In the margins of the book on Buddhism there are exclamation points, question marks, small but emphatic Nos.

In the used bookstore are volumes with inscriptions like this: “Jane—I know you’re not the kind of person who reads fiction, but I thought you’d get a kick out of this. Love, Peter.”

In the final stages I delete every reference to you, and change the others, and call in sick for one full week.

In my room I listen to the radio. Someone’s being interviewed. I turn it on, and turn it off—the phone rings—before the end, and as a result I don’t know who is being featured. The subject seems slightly cranky at times, or stoned; sometimes he’s enthusiastic, laughing, and other times not. My sense is that he’s a record producer or archivist. I mean what do we mean by music? he’s saying. It’s a socially contextualizable product. Recorded music is limited to the length of the tape or record or disc.
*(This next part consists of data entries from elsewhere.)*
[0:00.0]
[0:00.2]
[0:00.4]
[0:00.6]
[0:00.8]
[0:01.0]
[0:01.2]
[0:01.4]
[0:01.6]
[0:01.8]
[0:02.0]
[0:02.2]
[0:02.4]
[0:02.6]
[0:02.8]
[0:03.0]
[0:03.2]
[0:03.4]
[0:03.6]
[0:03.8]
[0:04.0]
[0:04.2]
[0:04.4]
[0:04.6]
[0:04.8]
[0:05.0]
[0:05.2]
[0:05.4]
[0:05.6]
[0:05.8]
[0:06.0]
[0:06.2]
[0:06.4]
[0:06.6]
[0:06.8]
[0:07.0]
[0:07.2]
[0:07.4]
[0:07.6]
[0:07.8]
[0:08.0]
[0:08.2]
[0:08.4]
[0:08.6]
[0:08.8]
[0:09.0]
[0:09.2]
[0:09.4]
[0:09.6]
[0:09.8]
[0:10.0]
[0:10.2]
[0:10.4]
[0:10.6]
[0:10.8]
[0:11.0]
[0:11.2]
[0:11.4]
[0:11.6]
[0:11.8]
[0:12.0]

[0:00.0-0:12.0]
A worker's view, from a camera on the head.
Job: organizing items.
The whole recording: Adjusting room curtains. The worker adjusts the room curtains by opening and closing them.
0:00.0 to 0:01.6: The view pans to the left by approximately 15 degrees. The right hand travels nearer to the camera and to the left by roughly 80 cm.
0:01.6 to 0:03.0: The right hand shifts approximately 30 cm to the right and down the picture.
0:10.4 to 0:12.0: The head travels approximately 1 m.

Performances are limited to the endurance of the musicians, the willingness of the audience, the length of availability of the venue. The money above all. He’s saying, But that’s so limiting. A piece of music, a performance, can be two minutes long, or it can take a year. A year? asks his interlocutor. Five years! The limits are artificial, they’re market determined. So you’re basically changing the definition of music? That’s a tall order. People think too small, says the producer. It strikes me, as I turn off the radio to talk on the phone, that there’s no way I can know whether I tuned in at the middle of the interview, or quit shortly before the end, even though the hour was about to turn. Who knows where the edges are? The interview could still be going on, right now, as I write, two years later.
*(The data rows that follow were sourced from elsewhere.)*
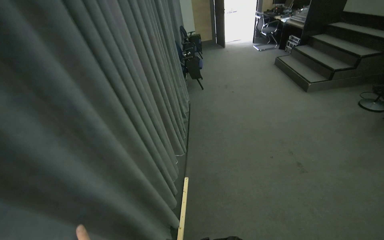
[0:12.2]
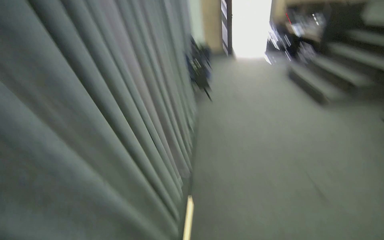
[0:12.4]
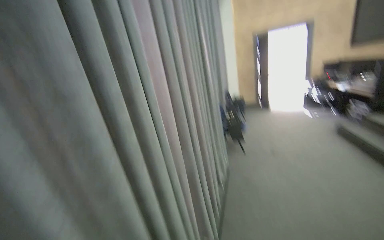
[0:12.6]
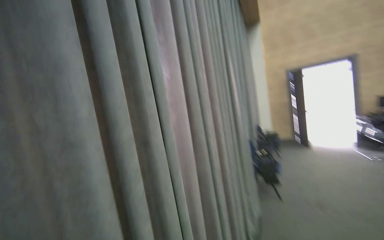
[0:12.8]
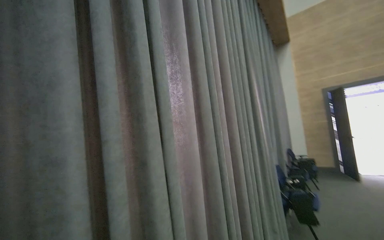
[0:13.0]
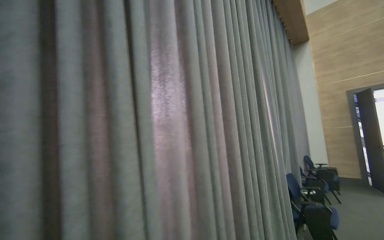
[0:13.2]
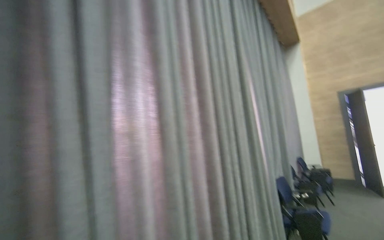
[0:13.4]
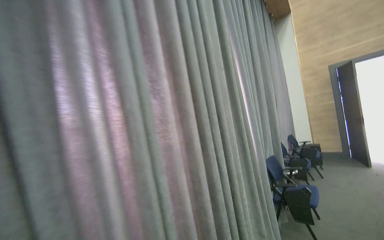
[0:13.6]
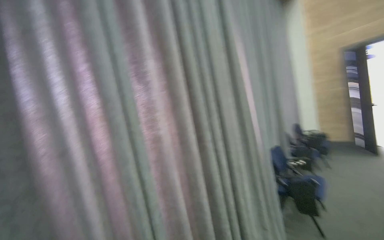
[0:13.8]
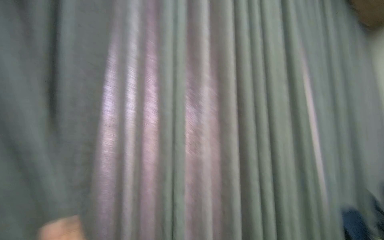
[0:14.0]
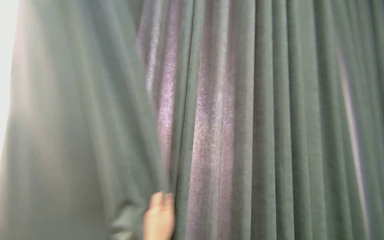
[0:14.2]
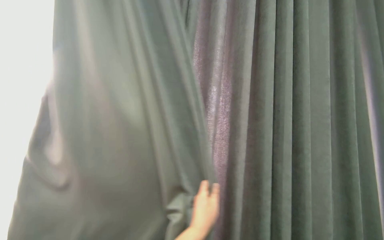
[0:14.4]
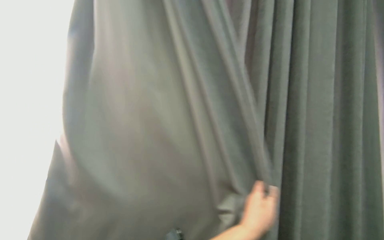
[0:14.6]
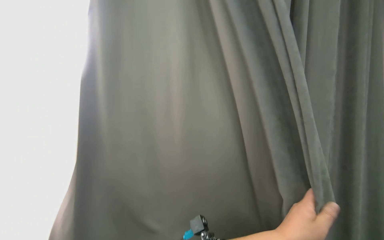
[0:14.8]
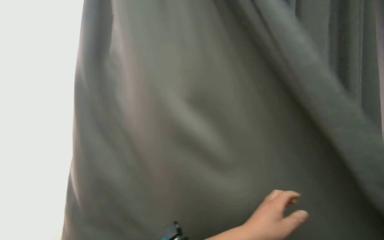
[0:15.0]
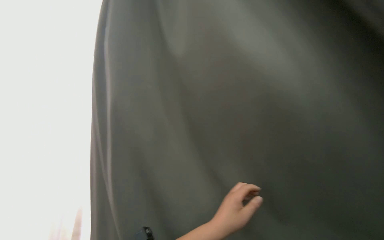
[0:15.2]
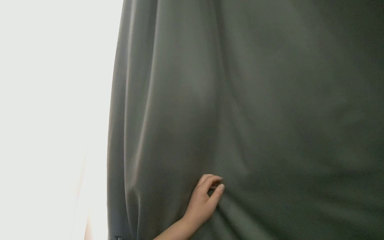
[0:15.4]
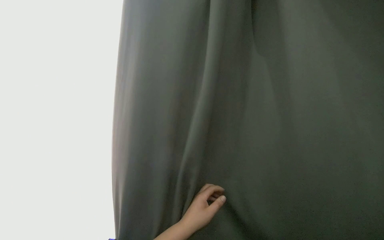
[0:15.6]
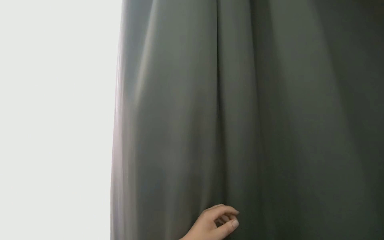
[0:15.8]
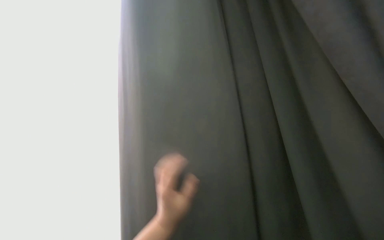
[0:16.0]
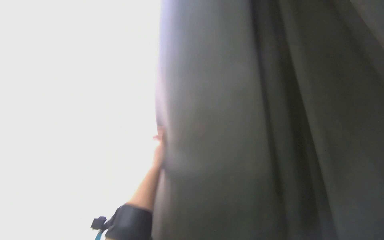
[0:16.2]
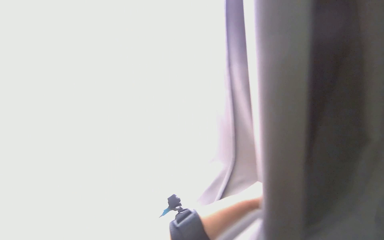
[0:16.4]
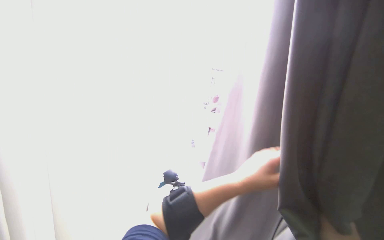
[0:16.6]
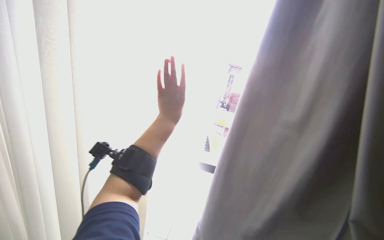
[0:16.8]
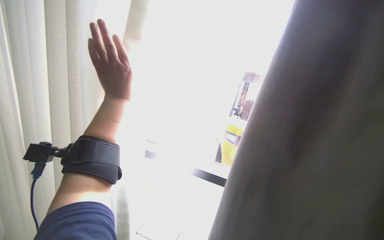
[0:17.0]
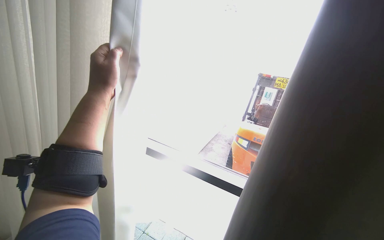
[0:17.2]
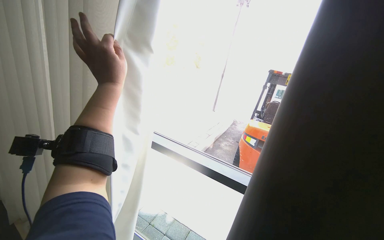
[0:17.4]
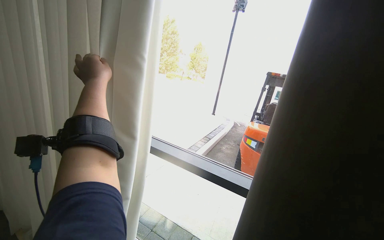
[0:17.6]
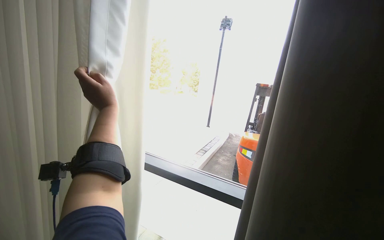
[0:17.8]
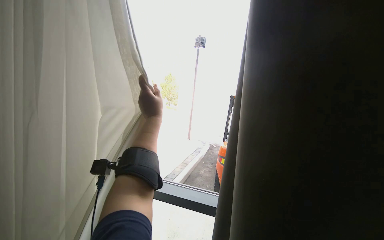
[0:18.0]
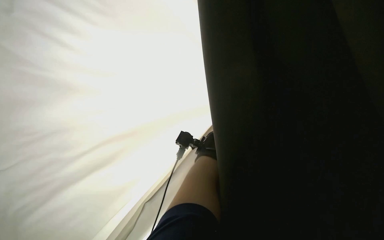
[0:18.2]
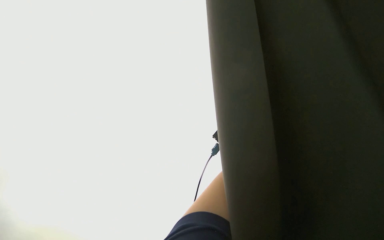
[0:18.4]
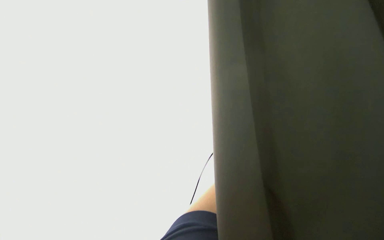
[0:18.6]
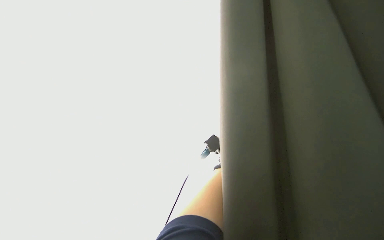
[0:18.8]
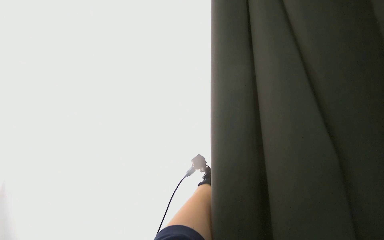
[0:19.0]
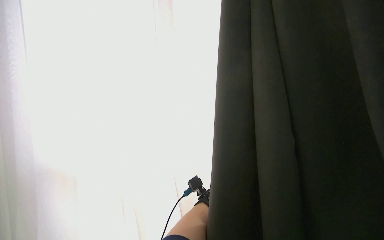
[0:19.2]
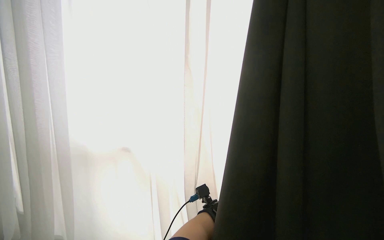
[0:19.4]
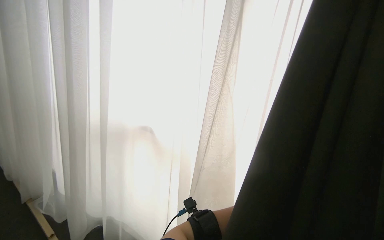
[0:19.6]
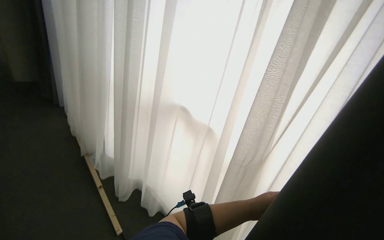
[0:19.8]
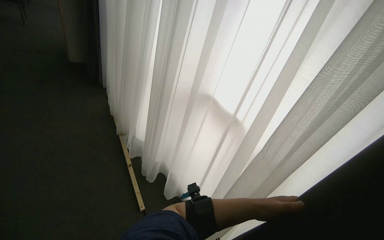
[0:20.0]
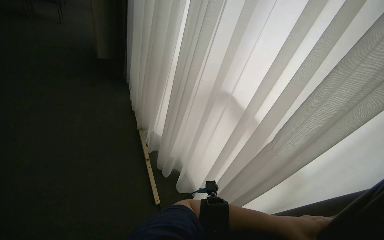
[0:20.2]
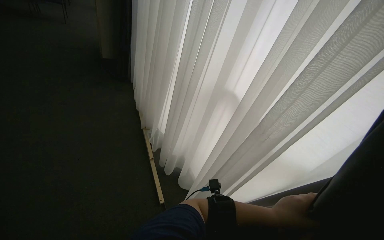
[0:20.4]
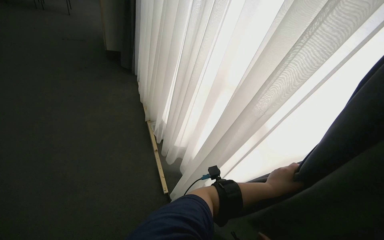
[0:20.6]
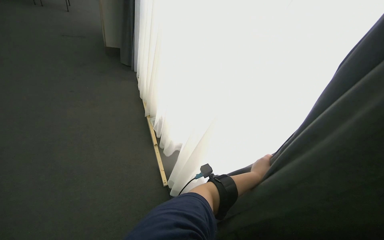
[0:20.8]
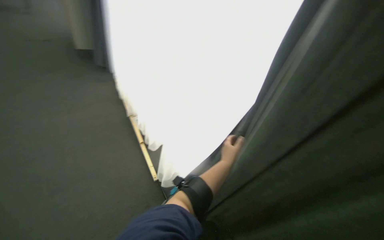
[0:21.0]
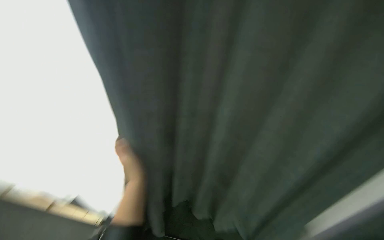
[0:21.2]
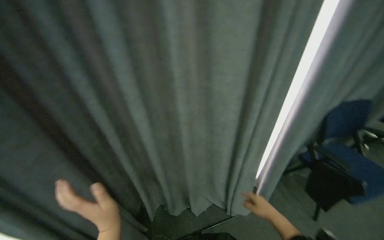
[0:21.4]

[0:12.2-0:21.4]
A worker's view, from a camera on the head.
Job: organizing items.
The whole recording: Adjusting room curtains. The worker adjusts the room curtains by opening and closing them.
0:12.2 to 0:13.8: The camera travels some 90 cm. The camera is aimed about 25 degrees further to the left.
0:13.8 to 0:15.2: The head rotates about 45 degrees to the left.
0:15.2 to 0:16.8: The left hand goes roughly 30 cm up the picture and to the left.
0:16.8 to 0:18.4: The wearer looks approximately 20 degrees further to the right.
0:19.8 to 0:21.4: The camera is carried about 40 cm. The head rotates about 25 degrees to the right. The camera pitches downward, by about 25 degrees.

In the writing of a book a single word seems to draw in the world. This is what I’ve learned. Any human sound or concept is information and information is its own best magnet. You can funnel an encyclopedia through a window five, three, two letters wide. You can bury your book in a thicket of your own devising.

In my notes, this open letter: “Dear everybody: Shut up!”

In New York the pages accumulate. I need more boxes, cabinets, money.

In Neruda somewhere: “Give me silence, water, hope.” In Moby Dick, more to the point: “Oh Time, Strength, Cash, and Patience!”

In the stairwell of the M79 bus between Park and Madison avenues, a lady says she has forgotten her transfer. The driver scolds her. She says, “I know. But people are human and they forget.”